Все же, думается, тут у Пушкина, особенно в «не хотели связаться с таким смелым атлетом», сказалось еще лицейское, добродушно-шутливое, иронично-доброжелательное отношение к другу, к его постоянному (на всю жизнь) восторженному энтузиазму и бесконтрольной увлеченности, которые так мешали ему как в творчестве, так и в жизни. Достаточно вспомнить, что успешные лекции-чтения в Париже поэту пришлось прервать из-за того, что в увлеченности и по природной рассеянности схватил с кафедры лампу — вместо стакана с водой, — облил себя маслом, обжегся; а будучи на Сенатской площади, дважды стрелял (в великого князя Михаила Павловича и генерала Воинова) и дважды не смог сделать выстрела: пистолет давал осечку, а стрелявший и не заметил, как перед этим его друзья разряжали пистолет, ссыпая порох…

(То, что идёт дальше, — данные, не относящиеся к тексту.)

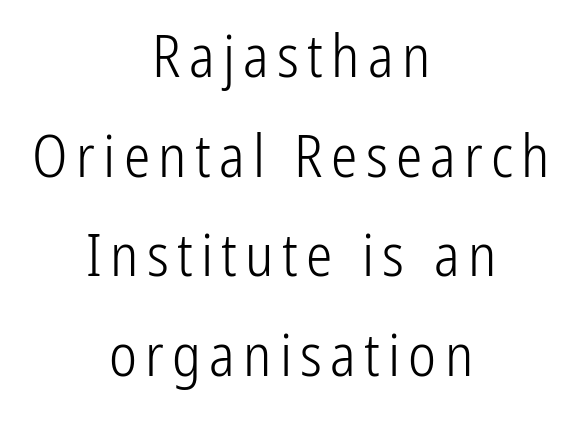
Layout note: lines centered. The glyphs in this specimen are sans serif. In terms of posture, this sample is upright. How would I describe the line gaps? Plain and ordinary. Descenders hang freely into open space.
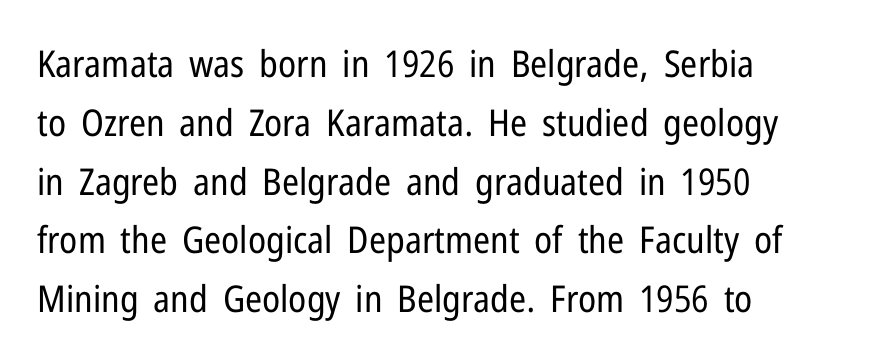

У судорожно-порывистого, не умевшего сдерживать своих чувств Кюхли — человека прекрасного чистосердечия и поборника справедливости, увы, восторг преобладал над вдохновением. Сам Кюхельбекер знал свою экстазную судорожность и писал о себе: «Характер мой… признаюсь к моему стыду — характер человека, который почти вовсе не жил в настоящем мире… который всегда увлекался первым сильным побуждением».